When to use this image:
When you’re exploring datasets
Teaching or learning data science
Prototyping ML models
Collaborating on notebooks without polluting your local Python environment.
II. Generative AI & Deep Learning
Generative AI and deep learning frameworks perform best in optimized environments. These container images include all essential dependencies pre-installed, eliminating time-consuming setup processes. As large language models continue to gain popularity, purpose-built Docker containers provide efficient deployment and scaling solutions.
3. Hugging Face Transformers
Hugging Face Transformers is a popular library used for everything from working with large language models to creating image generation systems. It’s built on top of major deep learning frameworks like PyTorch and TensorFlow, so you can easily load models, fine-tune them, monitor performance, and save your progress directly to Hugging Face.
FROM huggingface/transformers-pytorch-gpu
RUN python main.py
Here’s what this simple Dockerfile does:
FROM huggingface/transformers-pytorch-gpu: This base image is maintained by Hugging Face and comes preinstalled with:
1. The transformers library
2. datasets, tokenizers, and other related tools
3. PyTorch with GPU (CUDA) support
It’s specifically designed to support training and inference of transformer models like BERT, GPT-2, T5, and many more.
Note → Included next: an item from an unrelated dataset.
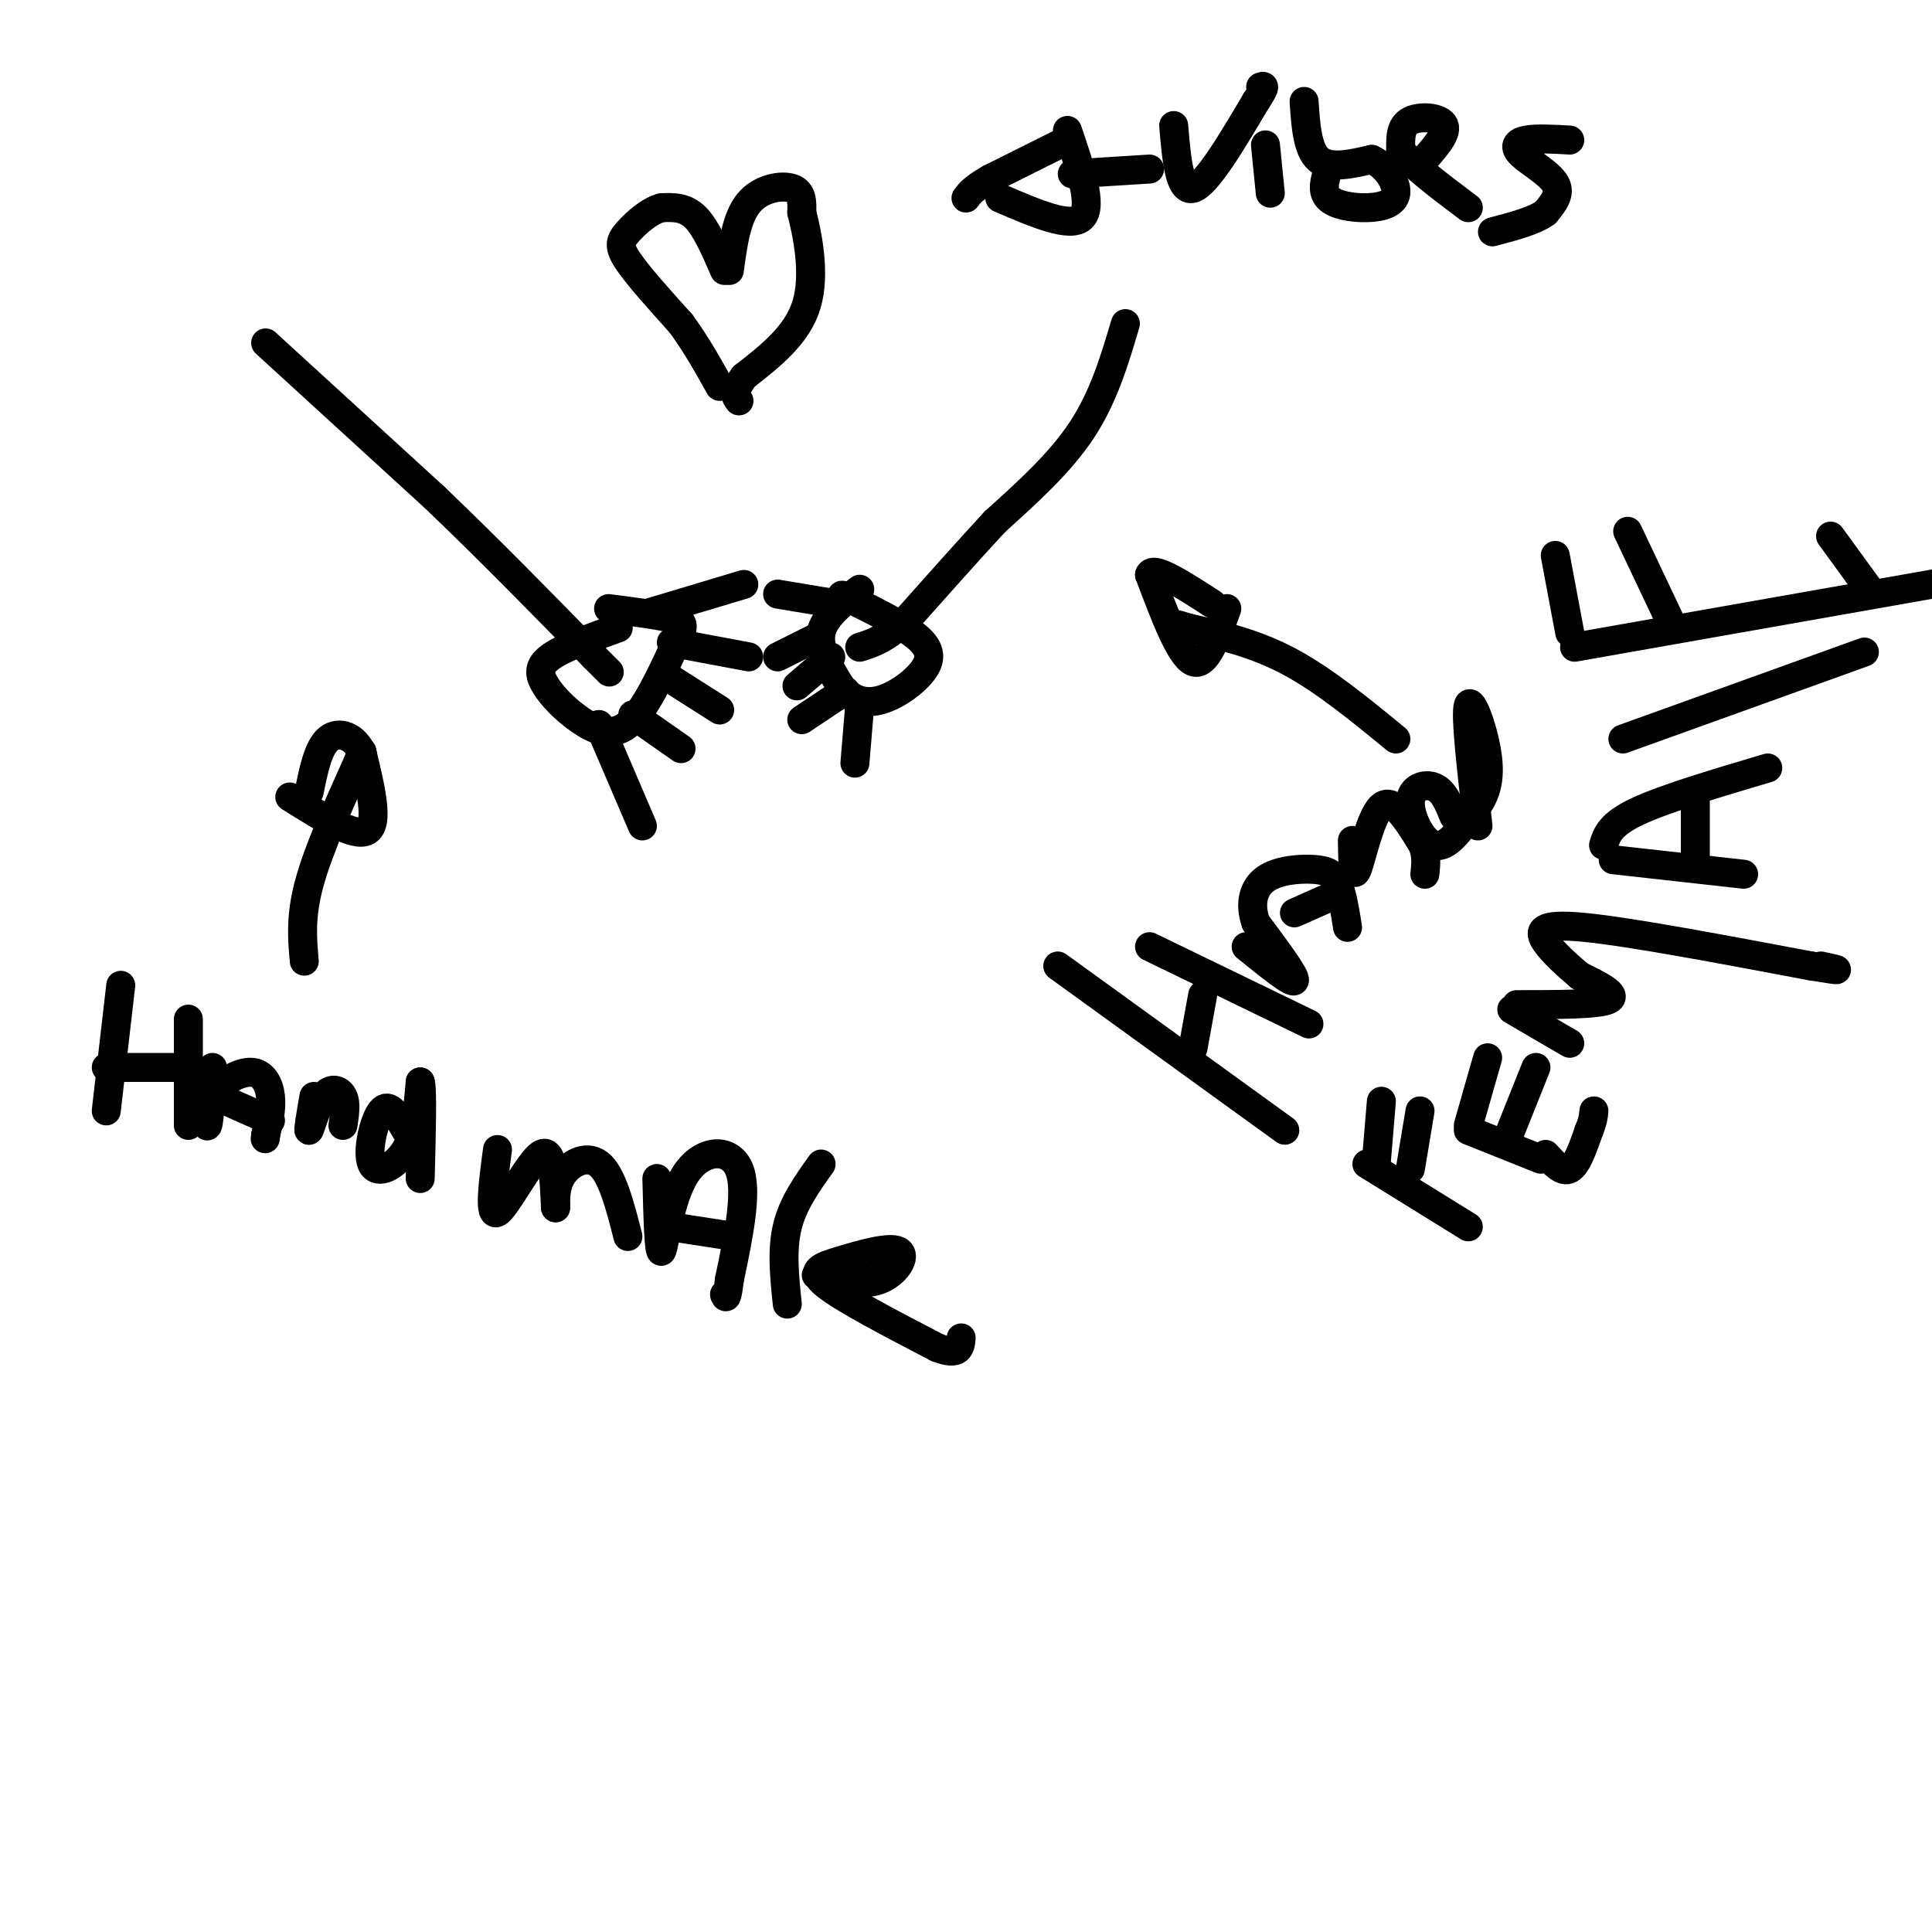 <svg viewBox='0 0 400 400' version='1.1' xmlns='http://www.w3.org/2000/svg' xmlns:xlink='http://www.w3.org/1999/xlink'><g fill='none' stroke='#000000' stroke-width='6' stroke-linecap='round' stroke-linejoin='round'><path d='M55,71c0.000,0.000 35.000,32.000 35,32'/><path d='M90,103c11.333,10.833 22.167,21.917 33,33'/><path d='M123,136c5.500,5.500 2.750,2.750 0,0'/><path d='M128,130c-5.656,2.033 -11.311,4.067 -14,6c-2.689,1.933 -2.411,3.766 -1,6c1.411,2.234 3.957,4.871 7,7c3.043,2.129 6.584,3.751 10,1c3.416,-2.751 6.708,-9.876 10,-17'/><path d='M140,133c1.911,-3.667 1.689,-4.333 -1,-5c-2.689,-0.667 -7.844,-1.333 -13,-2'/><path d='M134,127c0.000,0.000 20.000,-6.000 20,-6'/><path d='M139,133c0.000,0.000 16.000,3.000 16,3'/><path d='M138,140c0.000,0.000 11.000,7.000 11,7'/><path d='M131,148c0.000,0.000 10.000,7.000 10,7'/><path d='M124,150c0.000,0.000 9.000,21.000 9,21'/><path d='M233,67c-2.250,7.583 -4.500,15.167 -9,22c-4.500,6.833 -11.250,12.917 -18,19'/><path d='M206,108c-6.000,6.500 -12.000,13.250 -18,20'/><path d='M188,128c-4.667,4.333 -7.333,5.167 -10,6'/><path d='M178,122c-3.667,2.833 -7.333,5.667 -8,9c-0.667,3.333 1.667,7.167 4,11'/><path d='M174,142c1.914,2.659 4.699,3.805 8,3c3.301,-0.805 7.120,-3.563 9,-6c1.880,-2.437 1.823,-4.553 -1,-7c-2.823,-2.447 -8.411,-5.223 -14,-8'/><path d='M176,124c-2.500,-1.333 -1.750,-0.667 -1,0'/><path d='M173,125c0.000,0.000 -12.000,-2.000 -12,-2'/><path d='M169,132c0.000,0.000 -8.000,4.000 -8,4'/><path d='M172,136c0.000,0.000 -7.000,6.000 -7,6'/><path d='M175,143c0.000,0.000 -9.000,6.000 -9,6'/><path d='M178,146c0.000,0.000 -1.000,12.000 -1,12'/><path d='M25,204c0.000,0.000 -3.000,26.000 -3,26'/><path d='M22,221c0.000,0.000 17.000,0.000 17,0'/><path d='M39,211c0.000,0.000 0.000,22.000 0,22'/><path d='M44,221c-0.327,5.573 -0.654,11.145 -1,12c-0.346,0.855 -0.711,-3.008 1,-6c1.711,-2.992 5.499,-5.113 8,-5c2.501,0.113 3.715,2.461 4,5c0.285,2.539 -0.357,5.270 -1,8'/><path d='M55,235c-0.167,1.333 -0.083,0.667 0,0'/><path d='M56,232c0.000,0.000 -9.000,-4.000 -9,-4'/><path d='M65,227c-0.643,3.714 -1.286,7.429 -1,7c0.286,-0.429 1.500,-5.000 3,-7c1.500,-2.000 3.286,-1.429 4,0c0.714,1.429 0.357,3.714 0,6'/><path d='M84,234c-1.696,-2.940 -3.393,-5.881 -5,-4c-1.607,1.881 -3.125,8.583 -2,11c1.125,2.417 4.893,0.548 7,-3c2.107,-3.548 2.554,-8.774 3,-14'/><path d='M87,224c0.500,1.000 0.250,10.500 0,20'/><path d='M103,238c-0.933,7.067 -1.867,14.133 0,13c1.867,-1.133 6.533,-10.467 9,-12c2.467,-1.533 2.733,4.733 3,11'/><path d='M115,250c0.286,0.702 -0.500,-3.042 1,-6c1.500,-2.958 5.286,-5.131 8,-3c2.714,2.131 4.357,8.565 6,15'/><path d='M136,244c0.196,7.982 0.393,15.964 1,15c0.607,-0.964 1.625,-10.875 5,-16c3.375,-5.125 9.107,-5.464 11,-1c1.893,4.464 -0.054,13.732 -2,23'/><path d='M151,265c-0.500,4.333 -0.750,3.667 -1,3'/><path d='M152,256c0.000,0.000 -13.000,-2.000 -13,-2'/><path d='M170,241c-2.917,4.083 -5.833,8.167 -7,13c-1.167,4.833 -0.583,10.417 0,16'/><path d='M169,264c4.738,1.144 9.477,2.287 13,1c3.523,-1.287 5.831,-5.005 4,-6c-1.831,-0.995 -7.801,0.732 -12,2c-4.199,1.268 -6.628,2.077 -3,5c3.628,2.923 13.314,7.962 23,13'/><path d='M194,279c4.667,1.833 4.833,-0.083 5,-2'/><path d='M63,199c-0.417,-4.583 -0.833,-9.167 1,-16c1.833,-6.833 5.917,-15.917 10,-25'/><path d='M74,158c1.667,-4.167 0.833,-2.083 0,0'/><path d='M60,165c6.750,4.250 13.500,8.500 16,7c2.500,-1.500 0.750,-8.750 -1,-16'/><path d='M75,156c-1.533,-3.644 -4.867,-4.756 -7,-3c-2.133,1.756 -3.067,6.378 -4,11'/><path d='M219,200c0.000,0.000 47.000,34.000 47,34'/><path d='M247,217c0.000,0.000 2.000,-11.000 2,-11'/><path d='M238,196c0.000,0.000 33.000,16.000 33,16'/><path d='M258,196c4.833,3.917 9.667,7.833 10,7c0.333,-0.833 -3.833,-6.417 -8,-12'/><path d='M260,191c-1.317,-3.754 -0.611,-7.140 2,-9c2.611,-1.860 7.126,-2.193 10,-2c2.874,0.193 4.107,0.912 5,3c0.893,2.088 1.447,5.544 2,9'/><path d='M277,185c0.000,0.000 -9.000,4.000 -9,4'/><path d='M280,174c0.044,4.133 0.089,8.267 1,6c0.911,-2.267 2.689,-10.933 5,-13c2.311,-2.067 5.156,2.467 8,7'/><path d='M294,174c1.500,2.333 1.250,4.667 1,7'/><path d='M301,169c-1.024,-2.565 -2.048,-5.131 -4,-6c-1.952,-0.869 -4.833,-0.042 -5,3c-0.167,3.042 2.381,8.298 5,9c2.619,0.702 5.310,-3.149 8,-7'/><path d='M305,168c2.179,-2.619 3.625,-5.667 3,-11c-0.625,-5.333 -3.321,-12.952 -4,-11c-0.679,1.952 0.661,13.476 2,25'/><path d='M283,241c0.000,0.000 21.000,13.000 21,13'/><path d='M285,240c0.000,0.000 1.000,-12.000 1,-12'/><path d='M292,242c0.000,0.000 2.000,-12.000 2,-12'/><path d='M304,234c0.000,0.000 15.000,6.000 15,6'/><path d='M304,233c0.000,0.000 4.000,-14.000 4,-14'/><path d='M312,236c0.000,0.000 6.000,-15.000 6,-15'/><path d='M320,239c1.750,1.917 3.500,3.833 5,3c1.500,-0.833 2.750,-4.417 4,-8'/><path d='M329,234c0.833,-2.000 0.917,-3.000 1,-4'/><path d='M313,209c0.000,0.000 12.000,7.000 12,7'/><path d='M314,208c8.417,0.000 16.833,0.000 19,-1c2.167,-1.000 -1.917,-3.000 -6,-5'/><path d='M327,202c-2.429,-2.083 -5.500,-4.792 -7,-7c-1.500,-2.208 -1.429,-3.917 8,-3c9.429,0.917 28.214,4.458 47,8'/><path d='M375,200c8.167,1.333 5.083,0.667 2,0'/><path d='M334,178c0.000,0.000 27.000,3.000 27,3'/><path d='M332,175c0.667,-2.167 1.333,-4.333 7,-7c5.667,-2.667 16.333,-5.833 27,-9'/><path d='M351,164c0.000,0.000 0.000,14.000 0,14'/><path d='M336,153c0.000,0.000 50.000,-18.000 50,-18'/><path d='M326,134c0.000,0.000 85.000,-15.000 85,-15'/><path d='M325,131c0.000,0.000 -3.000,-16.000 -3,-16'/><path d='M346,129c0.000,0.000 -9.000,-19.000 -9,-19'/><path d='M387,122c0.000,0.000 -8.000,-11.000 -8,-11'/><path d='M289,153c-7.417,-6.083 -14.833,-12.167 -22,-16c-7.167,-3.833 -14.083,-5.417 -21,-7'/><path d='M246,130c-3.667,-1.167 -2.333,-0.583 -1,0'/><path d='M254,126c-2.167,6.083 -4.333,12.167 -7,11c-2.667,-1.167 -5.833,-9.583 -9,-18'/><path d='M238,119c0.667,-2.000 6.833,2.000 13,6'/><path d='M151,56c0.733,-5.467 1.467,-10.933 4,-14c2.533,-3.067 6.867,-3.733 9,-3c2.133,0.733 2.067,2.867 2,5'/><path d='M166,44c1.111,4.333 2.889,12.667 1,19c-1.889,6.333 -7.444,10.667 -13,15'/><path d='M154,78c-2.333,3.333 -1.667,4.167 -1,5'/><path d='M150,56c-1.917,-4.417 -3.833,-8.833 -6,-11c-2.167,-2.167 -4.583,-2.083 -7,-2'/><path d='M137,43c-2.536,0.619 -5.375,3.167 -7,5c-1.625,1.833 -2.036,2.952 0,6c2.036,3.048 6.518,8.024 11,13'/><path d='M141,67c3.167,4.333 5.583,8.667 8,13'/><path d='M238,35c0.000,0.000 -16.000,1.000 -16,1'/><path d='M221,27c2.667,7.833 5.333,15.667 3,18c-2.333,2.333 -9.667,-0.833 -17,-4'/><path d='M221,29c0.000,0.000 -16.000,8.000 -16,8'/><path d='M205,37c-3.500,2.000 -4.250,3.000 -5,4'/><path d='M243,26c0.583,6.917 1.167,13.833 4,13c2.833,-0.833 7.917,-9.417 13,-18'/><path d='M260,21c2.333,-3.500 1.667,-3.250 1,-3'/><path d='M262,30c0.000,0.000 1.000,10.000 1,10'/><path d='M270,21c0.333,5.000 0.667,10.000 3,12c2.333,2.000 6.667,1.000 11,0'/><path d='M284,33c3.070,1.391 5.246,4.868 5,7c-0.246,2.132 -2.912,2.920 -6,3c-3.088,0.080 -6.596,-0.549 -8,-2c-1.404,-1.451 -0.702,-3.726 0,-6'/><path d='M294,34c2.844,-3.133 5.689,-6.267 5,-8c-0.689,-1.733 -4.911,-2.067 -7,-1c-2.089,1.067 -2.044,3.533 -2,6'/><path d='M290,31c2.000,3.000 8.000,7.500 14,12'/><path d='M325,29c-3.470,-0.196 -6.940,-0.393 -9,0c-2.060,0.393 -2.708,1.375 -1,3c1.708,1.625 5.774,3.893 7,6c1.226,2.107 -0.387,4.054 -2,6'/><path d='M320,44c-2.167,1.667 -6.583,2.833 -11,4'/></g>
</svg>

RUN python main.py: This line will run your Python script (main.py) as soon as the container starts. That script can load a pretrained model, fine-tune it on your data, or serve it via an API — totally up to you.
This image saves you a ton of setup time. No need to manually install PyTorch, transformers, or manage CUDA compatibility — everything is pre-configured and GPU-optimized.
When to use this image:
Fine-tuning LLMs with PyTorch
Running inference pipelines (e.g., summarization, Q&A, classification)
Building model-serving apps using Hugging Face pipelines
Prototyping Gen AI apps using Transformers
You can also use other variants if your project is based on TensorFlow instead.
FROM huggingface/transformers-tensorflow-gpu
4. NVIDIA CUDA deep learning runtime
The NVIDIA CUDA deep learning runtime is key to speeding up deep learning tasks on GPUs. By adding it directly to your Dockerfile, you can skip the hassle of setting up CUDA manually and get GPU-accelerated machine learning workflows up and running more easily.